INSTRUCTIONS FOR THE TASK —
Exact repetition, please: start with the line where "98.84a5.42 5.42 0" appears and stop after the final line of the records.

ENTRIES SUPPLIED —
━━━

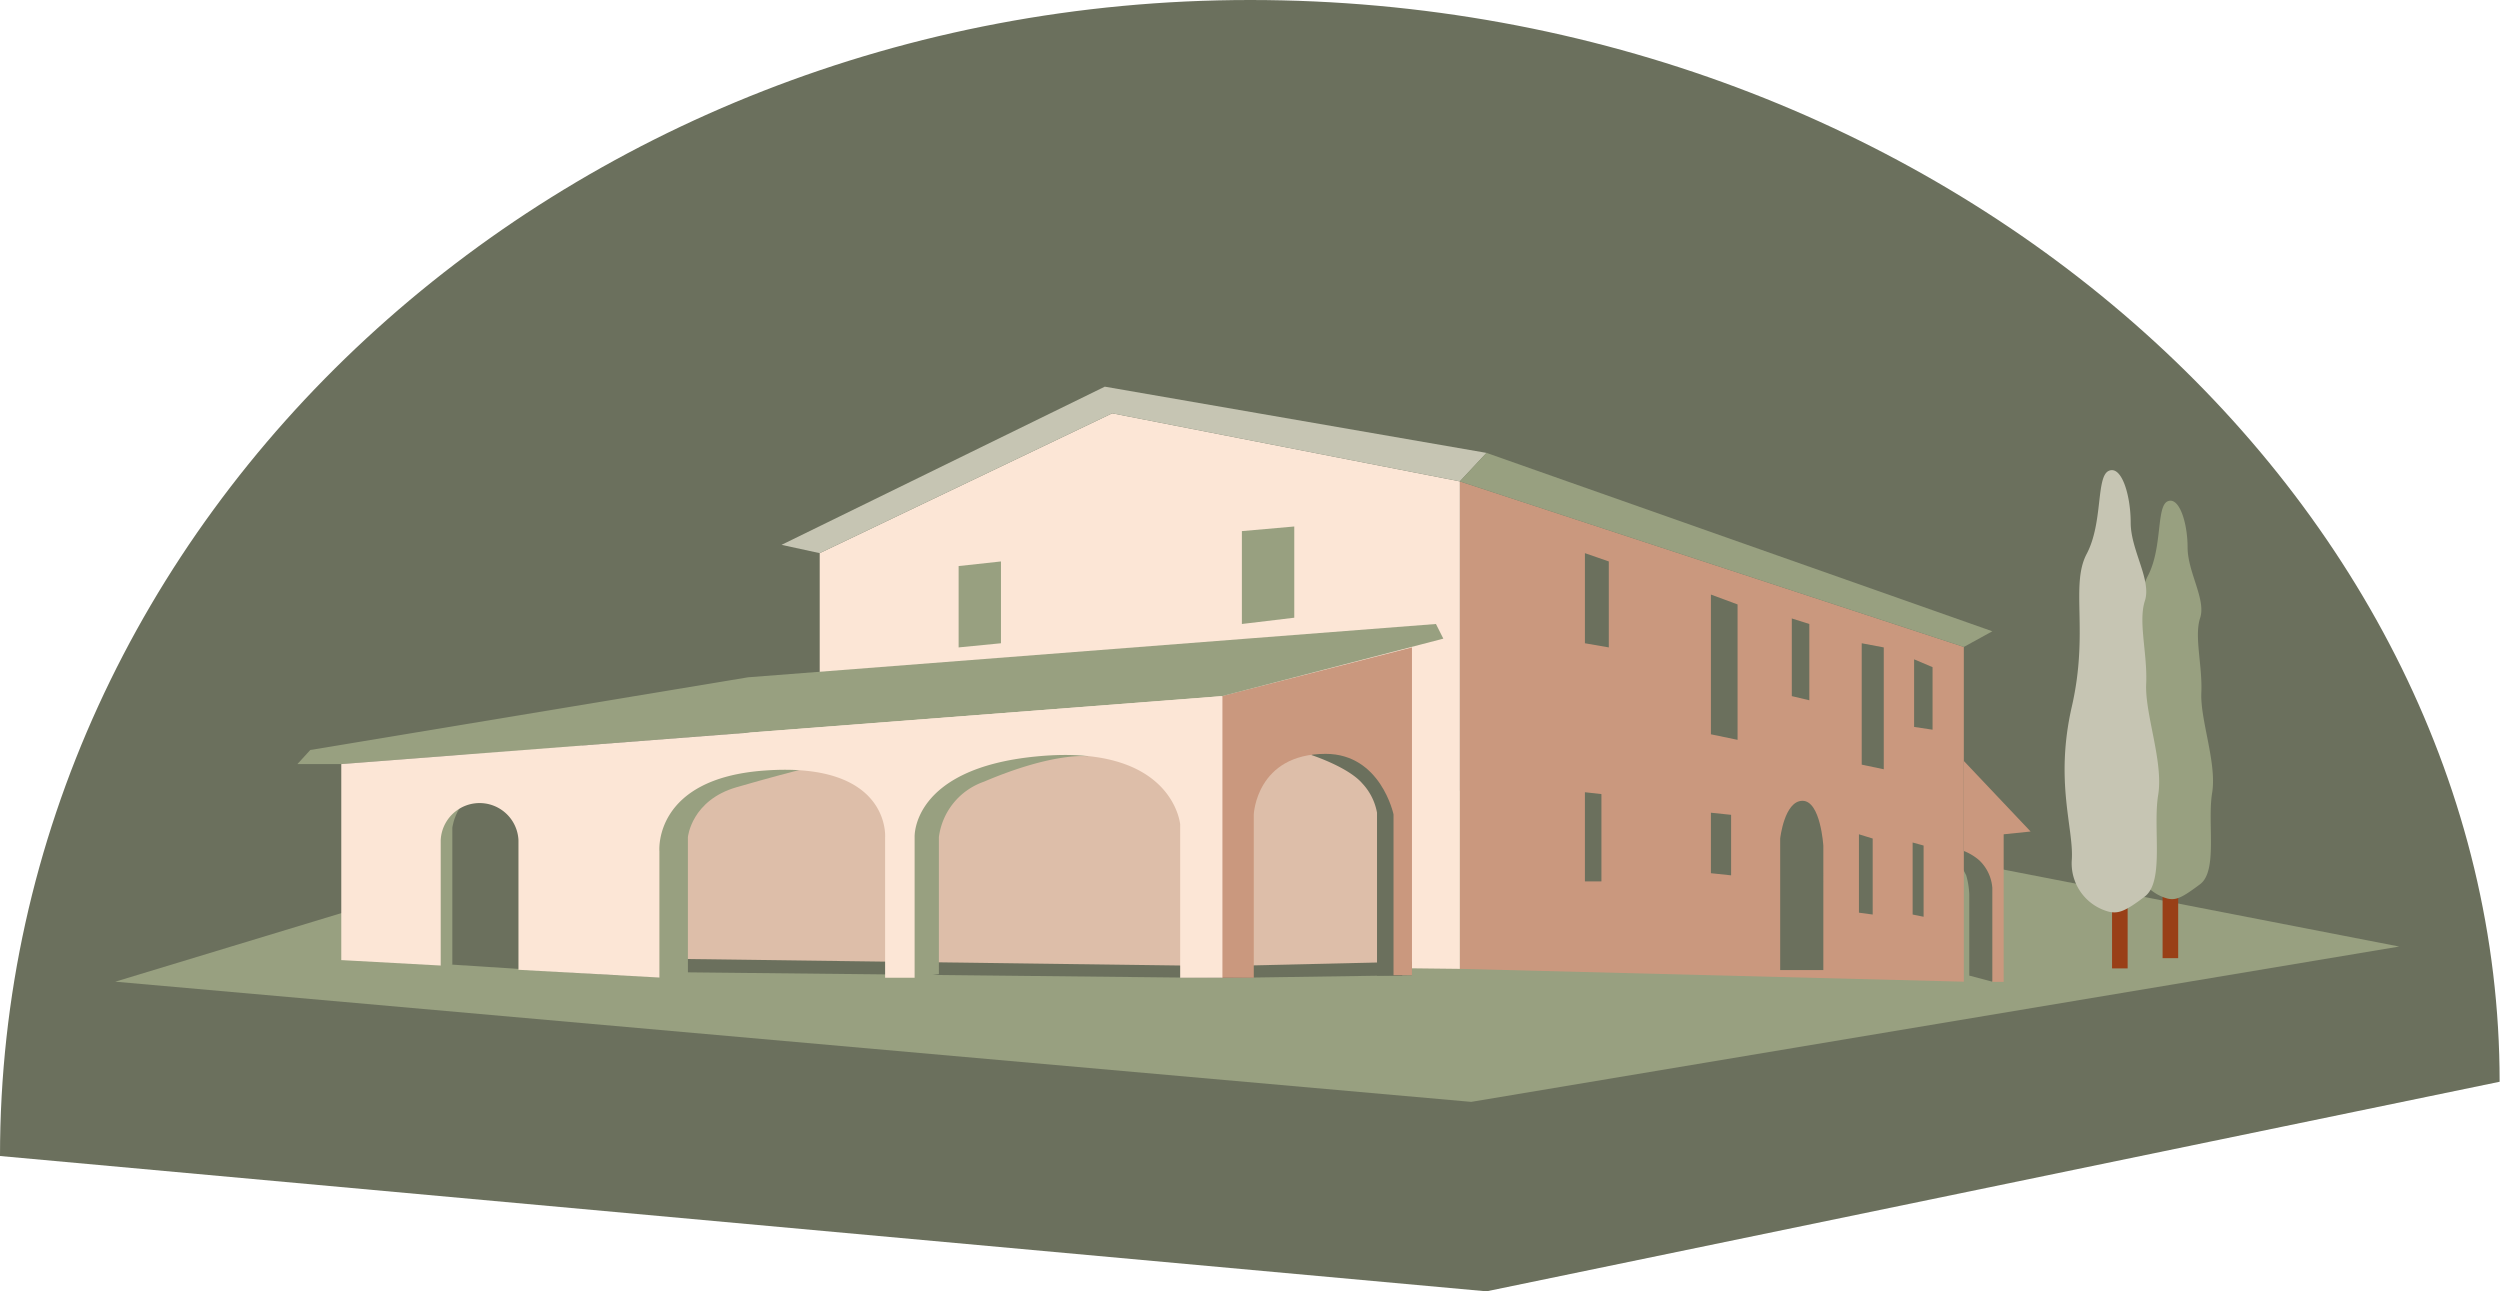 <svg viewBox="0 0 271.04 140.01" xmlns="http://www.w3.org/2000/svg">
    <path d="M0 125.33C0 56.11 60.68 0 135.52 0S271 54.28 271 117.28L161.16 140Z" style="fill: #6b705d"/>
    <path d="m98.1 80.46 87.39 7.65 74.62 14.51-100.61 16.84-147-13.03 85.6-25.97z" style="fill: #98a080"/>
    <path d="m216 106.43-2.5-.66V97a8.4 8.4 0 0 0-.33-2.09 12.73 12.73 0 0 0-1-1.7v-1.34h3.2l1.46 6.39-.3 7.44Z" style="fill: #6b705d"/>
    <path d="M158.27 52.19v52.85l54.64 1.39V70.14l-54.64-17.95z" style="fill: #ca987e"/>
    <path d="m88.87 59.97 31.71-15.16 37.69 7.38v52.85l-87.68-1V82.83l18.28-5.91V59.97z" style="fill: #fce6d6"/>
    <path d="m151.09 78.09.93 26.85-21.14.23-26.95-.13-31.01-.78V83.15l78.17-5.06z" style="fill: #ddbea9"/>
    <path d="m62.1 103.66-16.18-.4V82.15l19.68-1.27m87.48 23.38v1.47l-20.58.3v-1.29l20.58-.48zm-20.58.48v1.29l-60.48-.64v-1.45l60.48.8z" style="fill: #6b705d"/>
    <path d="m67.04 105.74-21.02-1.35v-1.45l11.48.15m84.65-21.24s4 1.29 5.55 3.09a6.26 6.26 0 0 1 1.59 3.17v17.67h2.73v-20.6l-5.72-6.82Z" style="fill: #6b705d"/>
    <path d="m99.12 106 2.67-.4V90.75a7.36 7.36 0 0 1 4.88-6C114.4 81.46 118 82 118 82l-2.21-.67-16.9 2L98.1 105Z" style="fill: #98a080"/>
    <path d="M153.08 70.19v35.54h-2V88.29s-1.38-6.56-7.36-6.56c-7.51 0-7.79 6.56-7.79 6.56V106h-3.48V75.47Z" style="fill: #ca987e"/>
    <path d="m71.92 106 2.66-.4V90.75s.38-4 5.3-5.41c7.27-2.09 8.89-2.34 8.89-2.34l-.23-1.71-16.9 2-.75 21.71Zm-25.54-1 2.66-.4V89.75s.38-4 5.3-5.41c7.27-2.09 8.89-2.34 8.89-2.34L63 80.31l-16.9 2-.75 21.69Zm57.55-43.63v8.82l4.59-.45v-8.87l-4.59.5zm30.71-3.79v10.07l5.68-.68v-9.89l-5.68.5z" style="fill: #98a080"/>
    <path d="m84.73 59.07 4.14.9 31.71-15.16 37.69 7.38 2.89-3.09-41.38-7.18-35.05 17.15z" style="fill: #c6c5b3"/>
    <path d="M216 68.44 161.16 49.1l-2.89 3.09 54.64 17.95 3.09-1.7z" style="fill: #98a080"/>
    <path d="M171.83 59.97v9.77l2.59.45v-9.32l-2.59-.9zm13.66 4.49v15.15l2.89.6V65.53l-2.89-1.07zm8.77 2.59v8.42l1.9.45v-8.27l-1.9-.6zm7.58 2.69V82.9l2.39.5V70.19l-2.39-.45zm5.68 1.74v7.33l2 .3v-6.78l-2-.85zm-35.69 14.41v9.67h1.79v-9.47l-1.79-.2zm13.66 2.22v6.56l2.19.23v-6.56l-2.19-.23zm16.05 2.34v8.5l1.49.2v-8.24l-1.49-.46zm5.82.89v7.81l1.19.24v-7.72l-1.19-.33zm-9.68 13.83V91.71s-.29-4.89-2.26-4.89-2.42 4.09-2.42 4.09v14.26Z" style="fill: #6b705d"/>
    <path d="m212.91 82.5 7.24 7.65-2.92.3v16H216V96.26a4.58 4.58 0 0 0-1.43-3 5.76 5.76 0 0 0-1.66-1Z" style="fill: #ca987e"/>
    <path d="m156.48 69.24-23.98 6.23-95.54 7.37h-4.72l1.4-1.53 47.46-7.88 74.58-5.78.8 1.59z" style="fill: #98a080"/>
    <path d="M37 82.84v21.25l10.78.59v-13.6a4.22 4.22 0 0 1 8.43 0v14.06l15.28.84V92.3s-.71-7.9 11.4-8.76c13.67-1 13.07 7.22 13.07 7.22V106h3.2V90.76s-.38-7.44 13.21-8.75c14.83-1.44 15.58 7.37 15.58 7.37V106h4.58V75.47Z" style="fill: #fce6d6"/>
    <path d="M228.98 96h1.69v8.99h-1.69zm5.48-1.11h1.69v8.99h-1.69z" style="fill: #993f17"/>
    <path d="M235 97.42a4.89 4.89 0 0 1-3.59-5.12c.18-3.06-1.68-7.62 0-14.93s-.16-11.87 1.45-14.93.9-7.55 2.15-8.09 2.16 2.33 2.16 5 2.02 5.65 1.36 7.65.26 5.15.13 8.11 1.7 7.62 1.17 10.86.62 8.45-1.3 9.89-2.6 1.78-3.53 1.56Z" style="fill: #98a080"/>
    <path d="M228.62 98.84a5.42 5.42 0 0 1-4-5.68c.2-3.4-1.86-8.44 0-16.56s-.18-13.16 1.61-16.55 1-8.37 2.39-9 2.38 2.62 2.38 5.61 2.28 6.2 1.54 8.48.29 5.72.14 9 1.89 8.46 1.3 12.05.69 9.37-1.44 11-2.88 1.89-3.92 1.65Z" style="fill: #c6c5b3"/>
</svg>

━━━

RESPONSE AREA —
    <path d="M228.62 98.84a5.42 5.42 0 0 1-4-5.68c.2-3.4-1.86-8.44 0-16.56s-.18-13.16 1.61-16.55 1-8.37 2.39-9 2.38 2.62 2.38 5.61 2.28 6.2 1.54 8.48.29 5.72.14 9 1.89 8.46 1.3 12.05.69 9.37-1.44 11-2.88 1.89-3.92 1.65Z" style="fill: #c6c5b3"/>
</svg>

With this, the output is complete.